第48話 ミドルライン戦線——絶望の孵化


言われた通り、ヴィクター、アルフォンス、クラリッサの三人が後方へと下がると、戦場の主導権は完全にヴァンガルドが誇る歴戦の猛者たちへと移っていた。



ヴィクターの「雷霆の神槍グングニル』によって指揮個体ブレインを失ったクリムゾンアイの群れは、先ほどまでの精緻な連携が嘘のように消え失せていた。


それぞれが個別の本能と殺意に従って知性なく動き回る。

確かに、個体としては強い。

しかし、それを活かしきれない木偶となっていた。現状、クリムゾンアイは統率を欠いた事で烏合の衆と化していたのだ。



「——好機だ! 各員、散開して囲い込め! 奴らの連携が戻る前に、各個撃破するぞ!」



騎士団長ロイズの冷静沈着でありながら、戦場を圧するほどの覇気を込めた号令が響き渡る。



「うおおおおおっ! 小僧どもが良い流れを作ってくれたじゃねえか! ここからは俺たち大人の時間だぜぇ! 一匹残らず、ミンチより細かく刻んでやらぁ!」

 


第三部隊隊長ヴィルヘルムが、その両手に握る二振りの剣を血振りしながら、獣のような獰猛な咆哮を上げた。

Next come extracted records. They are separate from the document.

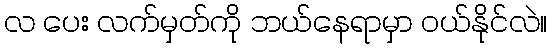
လ ပေး လက်မှတ်ကို ဘယ်နေရာမှာ ဝယ်နိုင်လဲ။
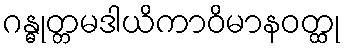
ဂန္ဓုတ္တမဒါယိကာဝိမာနဝတ္ထု
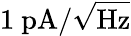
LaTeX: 1\ \mathrm{pA}/\sqrt{\mathrm{Hz}}
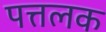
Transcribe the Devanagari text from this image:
पत्तलक
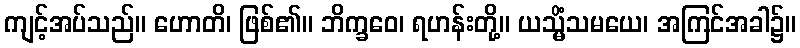
ကျင့်အပ်သည်။ ဟောတိ၊ ဖြစ်၏။ ဘိက္ခဝေ၊ ရဟန်းတို့။ ယသ္မိံသမယေ၊ အကြင်အခါ၌။
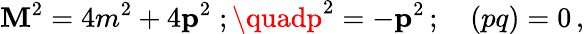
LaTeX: \mathbf{M}^{2}=4m^{2}+4{\mathbf{p}}^{2}\; ;\quadp^{2}=-{\mathbf{p}}^{2}\, ;\quad(pq)=0\, ,
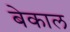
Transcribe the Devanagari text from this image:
बेकाल
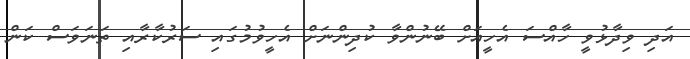
އަދި ވިދާޅުވީ ހާއްސަ އެހީއަށް ބޭނުންވާ ކުދިންނަށް އެހީވުމުގައި ސަރުކާރާއި ތަނަވަސް ކަން
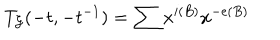
T _ { { \cal G } } ( - t , - t ^ { - 1 } ) = \sum x ^ { i ( B ) } x ^ { - e ( B ) }
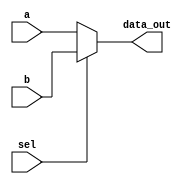
module Mux2way16(data_out, a, b, sel);

	output reg[15:0] data_out; 
	input wire[15:0] a, b;
	input wire sel;
	wire not_sel, w1, w2, w3, w4; // w1 = a.b; w2 = b.sel; w3 = a.not_sel; w4 = w1 + w2

	always@(a or b or sel)
	begin
		if(sel)
			data_out = b;
		else
			data_out = a;
	end

endmodule
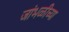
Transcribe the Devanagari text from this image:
जांभळीच्या
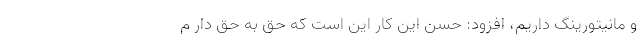
و مانیتورینگ داریم، افزود: حُسن این کار این است که حق به حق دار م
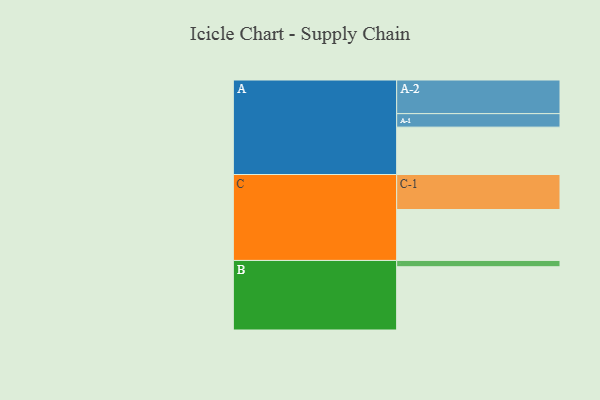
{"axis": {"x": "Segment", "y": "Value"}, "legend": ["", "A", "B", "C"], "data": [{"x": "A", "y": 376, "type": ""}, {"x": "B", "y": 502, "type": ""}, {"x": "C", "y": 404, "type": ""}, {"x": "A-1", "y": 107, "type": "A"}, {"x": "A-2", "y": 267, "type": "A"}, {"x": "B-1", "y": 50, "type": "B"}, {"x": "C-1", "y": 278, "type": "C"}]}
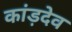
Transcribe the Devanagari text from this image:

ロイズ率いる第一部隊と、ヴィルヘルム率いる第三部隊を中心とした混合精鋭部隊。急いで来た先方部隊という事もあり約300名程度しかいないが、好機と見てクリムゾンアイの残党へと一斉に襲いかかる。



体力、気力、魔力が万全な状態の彼らにとって、統率を失ったクリムゾンアイは異常変異種ミュータントよりも現状は弱く、纏まった連携も組まない、こちら側に数の利もあるという事もあって、現状は大きな脅威ではなかった。

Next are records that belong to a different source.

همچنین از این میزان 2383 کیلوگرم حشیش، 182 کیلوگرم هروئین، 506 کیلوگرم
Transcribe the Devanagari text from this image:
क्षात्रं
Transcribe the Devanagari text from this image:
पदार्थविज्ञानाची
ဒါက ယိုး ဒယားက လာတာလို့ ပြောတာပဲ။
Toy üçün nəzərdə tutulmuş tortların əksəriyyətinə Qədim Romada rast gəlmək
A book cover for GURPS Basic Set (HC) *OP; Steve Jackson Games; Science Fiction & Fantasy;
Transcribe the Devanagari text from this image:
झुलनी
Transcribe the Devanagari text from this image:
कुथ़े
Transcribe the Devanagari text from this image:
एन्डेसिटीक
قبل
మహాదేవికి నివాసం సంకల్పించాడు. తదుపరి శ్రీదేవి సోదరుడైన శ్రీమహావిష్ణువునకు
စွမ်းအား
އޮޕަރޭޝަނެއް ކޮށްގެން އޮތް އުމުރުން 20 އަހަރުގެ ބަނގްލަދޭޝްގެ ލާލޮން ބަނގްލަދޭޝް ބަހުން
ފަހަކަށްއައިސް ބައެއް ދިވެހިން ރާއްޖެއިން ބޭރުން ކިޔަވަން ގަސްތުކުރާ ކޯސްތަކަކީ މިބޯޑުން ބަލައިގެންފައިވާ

ロイズの剣は、まるで流れる水のように、しかし触れるもの全てを断ち切る必殺の刃となってクリムゾンアイの防御網を切り裂く。


彼は決して力任せに剣を振るわない。敵の攻撃の軌道を最小限の動きで見切り、その力の流れを受け流し、そして生まれる僅かな隙に、正確無比な一撃を叩き込むのだ。


その剣捌きは、ヴィクターが模倣した執事長ガーランドのそれに通じるものだ。その一つ一つが洗練され尽くした、まさしく剣聖と言っていいだろう。


クリムゾンアイの鋭利な爪や触手が彼を捉えようとするが、その全てが空を切り、あるいは彼の剣によって軌道を逸らされ、気づいた時には両断されて絶命している。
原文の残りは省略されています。